Paz

OCTAVIO PAZ

Durante la última semana las páginas y las secciones culturales de nuestros diarios y revistas rebosaron, por decirlo así, con las efervescentes declaraciones de los participantes en un encuentro de escritores más notable por sus ausencias que por sus presencias. Estos mismos días, en páginas interiores, casi de una manera vergonzante, salvo en un caso o dos, se anunció al público mexicano que a un compatriota nuestro, el arquitecto Luis Barragán, se le había otorgado el Premio Pritzker de Arquitectura. Este premio es una consagración mundial pues es el equivalente del Premio Nobel. Luis Barragán es el primer mexicano que obtiene una distinción internacional de esta importancia.

¿Cómo explicar la reserva, rayana en la indiferencia, con que han recibido esta noticia los mundos y mundillos culturales de México, para no hablar del increíble silencio del Instituto Nacional de Bellas Artes? Esta actitud se debe, probablemente, a la influencia de la ideología y la política. Barragán es un artista silencioso y solitario, que ha vivido lejos de los bandos ideológicos y de la superstición del «arte comprometido». Lección moral y estética sobre la que deberían reflexionar los artistas y los escritores: las obras quedan, las declaraciones se desvanecen, son humo. Las ideologías van y vienen pero los poemas, los templos, las sonatas y las novelas permanecen. Reducir el arte a la actualidad ideológica y política es condenarlo a la vida precaria de las moscas y los moscardones. El arte de Barragán es moderno pero no es modernista, es universal pero no es un reflejo de Nueva York o de Milán. Barragán ha construido casas y edificios que nos seducen por sus proporciones nobles y por su geometría serena; no menos hermosa –y más benéfica socialmente– es su «arquitectura exterior», como él llama a las calles, muros, plazas, fuentes y jardines que ha trazado. La función social de estos conjuntos no está reñida con su finalidad espiritual. Los hombres modernos vivimos aislados y necesitamos reconstruir nuestra comunidad, rehacer los lazos que nos unen a nuestros semejantes; al mismo tiempo, debemos recobrar el viejo arte de saber quedarnos solos, el arte del recogimiento. Las plazas y arboledas de Barragán responden a esta doble necesidad: son lugares de encuentro y son sitios de apartamiento.
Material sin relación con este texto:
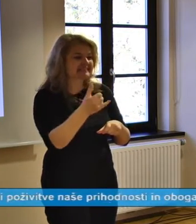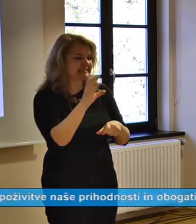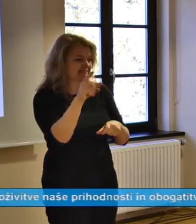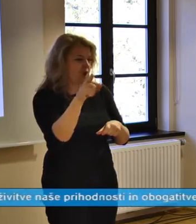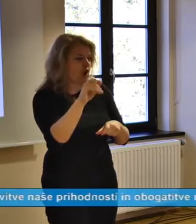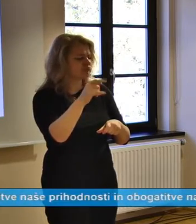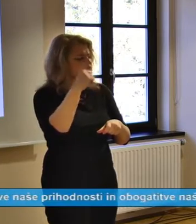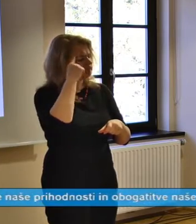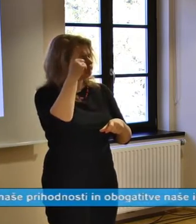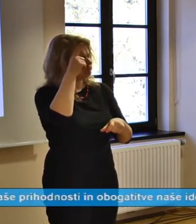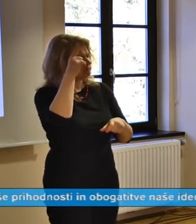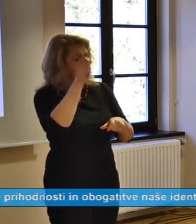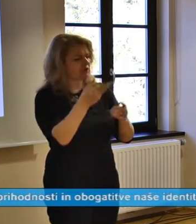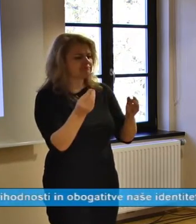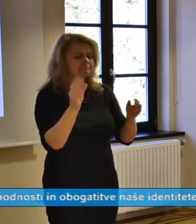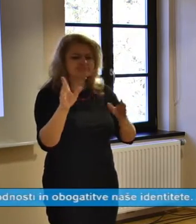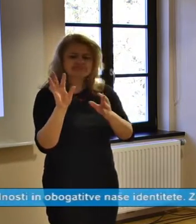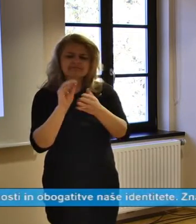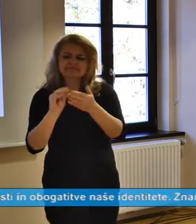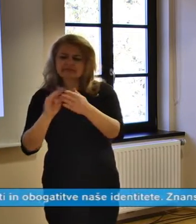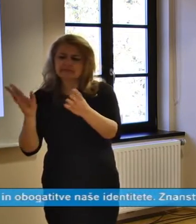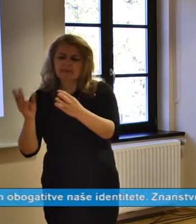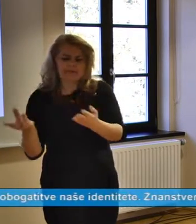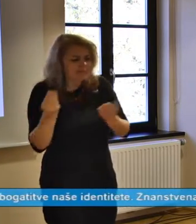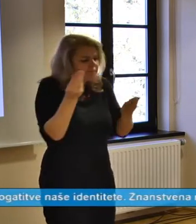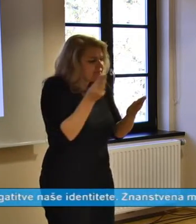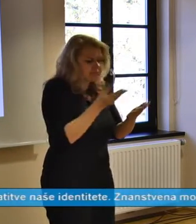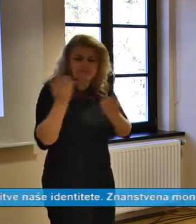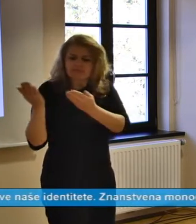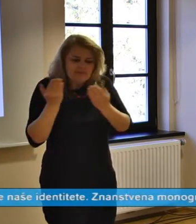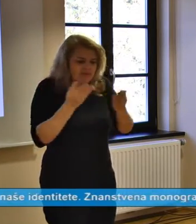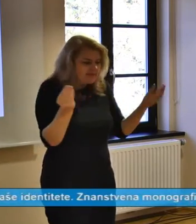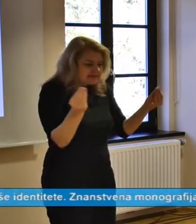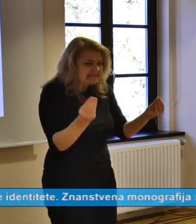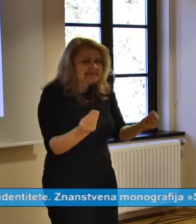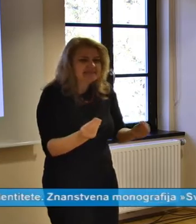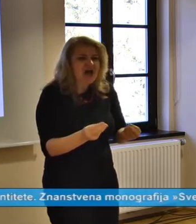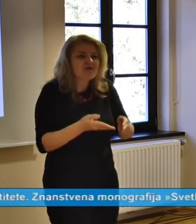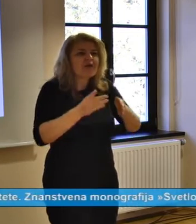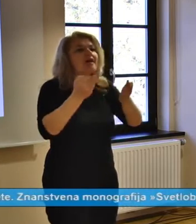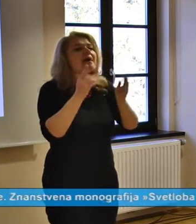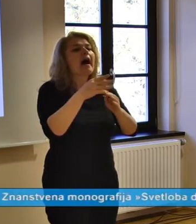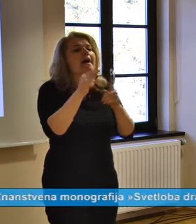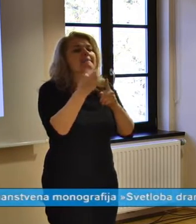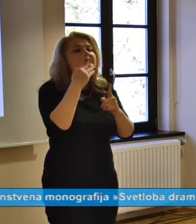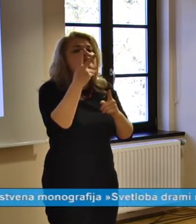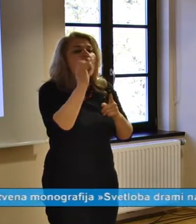zadružen, da je izložil vse to v eni posebni sobi v župnišču na prihod.

Barragán dijo una vez que su arquitectura estaba inspirada por dos palabras: la palabra magia y la palabra sorpresa. Y agregó: «se trata de encontrar sorpresas al caminar por cualquier calle y al llegar a cualquier plaza». Las raíces de su arte son tradicionales y populares. Su modelo no es ni el palacio ni el rascacielos. Su arquitectura viene de los pueblos mexicanos, con sus calles limitadas por altos muros que desembocan en plazas con fuentes. En la arquitectura popular mexicana se funde la tradición india precolombina con la tradición mediterránea. Las formas son cúbicas, los materiales son los que se encuentran en la localidad y los muros están pintados con vivos colores –rojos, ocres, azules– a diferencia de los pueblos mediterráneos y moriscos que son blancos.

El arte de Barragán es un ejemplo del uso inteligente de nuestra tradición popular. Algo semejante han hecho algunos poetas, novelistas y pintores contemporáneos. Nuestros políticos y educadores deberían inspirarse en ellos: nuestra incipiente democracia debe y puede alimentarse de las formas de convivencia y solidaridad vivas todavía en nuestro pueblo. Estas formas son un legado político y moral que debemos actualizar y adaptar a las condiciones de la vida moderna. Para ser modernos de verdad tenemos antes que reconciliarnos con nuestra tradición.